LHB1 CC/24/PR2.1968 - Personalised New Year card from a relieved patient!

Santa Claus is coming to town…



       
He’s certainly visited the LHSA offices early this year with confirmation from the Wellcome Trust (WT) of funding for a new cataloguing project. Under the Research Resources funding stream, a grant of £90,497 for ‘RVH v TB: a project to catalogue LHSA’s Royal Victoria Hospital Tuberculosis and Diseases of the Chest Case Notes and Registers (c.1920 – 2000)’ will see the creation of a 29 month Project Archivist post due to begin in autumn 2014. The catalogues will be created in Encoded Archival Description (EAD), building on the methodology developed as part of the current WT-funded Norman Dott case note cataloguing project, enabling dissemination to researchers worldwide.
Royal Victoria Hospital, c.1910
The case note collections relate to the fight against pulmonary TB and Diseases of the Chest in twentieth-century Edinburgh and Lothian, a particularly prevalent and severe threat to public health. TB is one of the long-standing and ubiquitous infectious diseases of the world. With the first TB dispensary in the world (founded by Dr Robert Philip in 1887 at Bank Street), Edinburgh has a long-established record in attempting to prevent, detect, and treat it. Its resurgence worldwide provides impetus for the interpretation of long runs of patient clinical data, and historical public health policy for its treatment and eradication.
 
This latest funding news comes on top of the award of Wellcome Trust funding for a project to catalogue and conserve LHSA’s UNESCO-awarded HIV/AIDS collections which is due to get underway next month. 2014 promises to be a year with lots of project activity, and we look forward to welcoming new project staff to the LHSA team.

Case note conclusion



This week there is an update on the long running task to re-order and produce finding aids for all of LHSA’s 1 million plus patient case notes. The good news is that the work, which started in 2007, has now been completed. 

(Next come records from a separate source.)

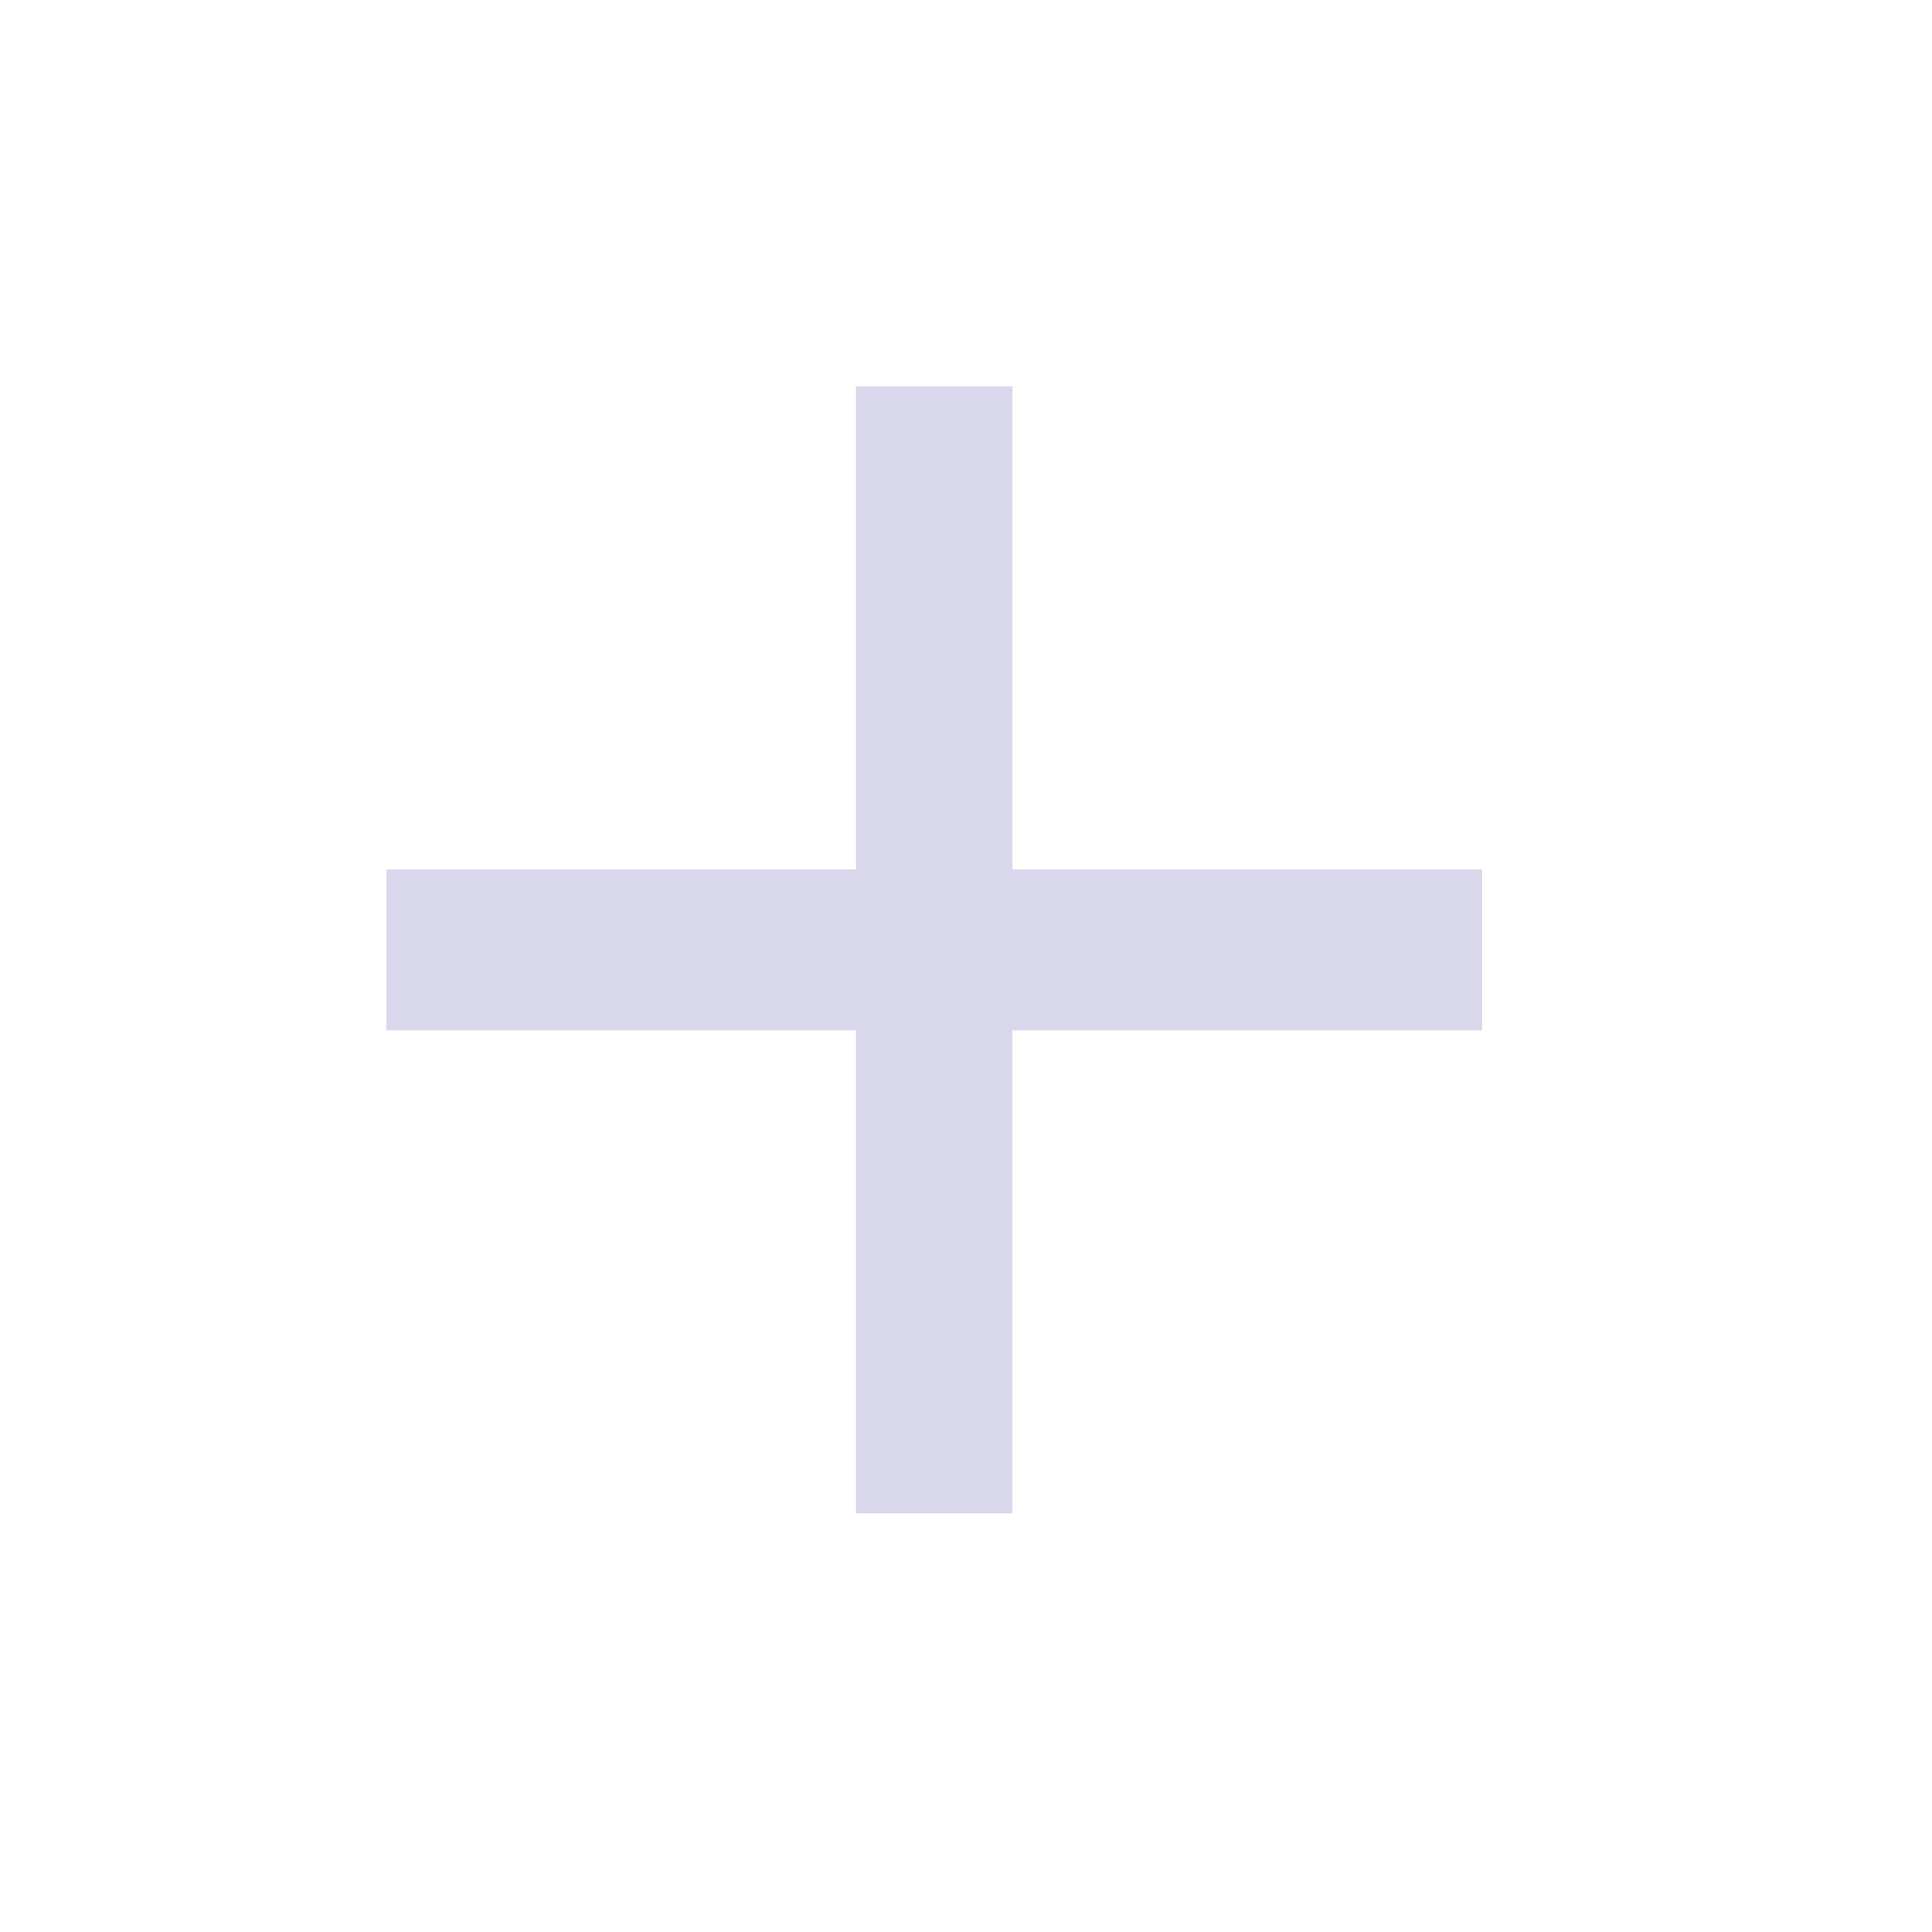 <svg width="30" height="30" viewBox="0 0 30 30" fill="none" xmlns="http://www.w3.org/2000/svg">
<mask id="mask0_53_2663" style="mask-type:alpha" maskUnits="userSpaceOnUse" x="0" y="0" width="30" height="30">
<rect width="30" height="30" fill="#D9D9D9"/>
</mask>
<g mask="url(#mask0_53_2663)">
<path d="M13.292 23.5V16H6V13.5H13.292V6H15.722V13.5H23.014V16H15.722V23.5H13.292Z" fill="#D8D7EB"/>
</g>
</svg>

Details of all of the case note collections have been described and entered into a spreadsheet including hospital, consultant, ward, sequence, date range, number of case notes and links with other collections. An identification card has also been written up and placed at the start of each collection on the shelves. The case note collection data has been entered into an Access database finding aid, with additional information such as locations of relevant index card finding aids and cross-referring them to descriptions on the Finding the Right Clinical Notes webpage http://www.clinicalnotes.ac.uk/. Shown is a collection entry in the form view on the database, which has images of the first and last case notes of collections added so that Archive staff looking for a case note collection in future could identify it visually on the shelf.
Case note database entry
The spreadsheet and database together are a great resource of information which will help LHSA staff to respond more quickly and successfully to enquiries (for which it has already been put into use), and to plan future project funding bids for cataloguing and conservation.Two images below give examples of some of the variety that can be found in the case note collections: a medical drawing of tuberculosis in an elbow joint from Alexander Miles’ collection, 1919, and a mechanically readable patient card from the Western General Hospital, 1970.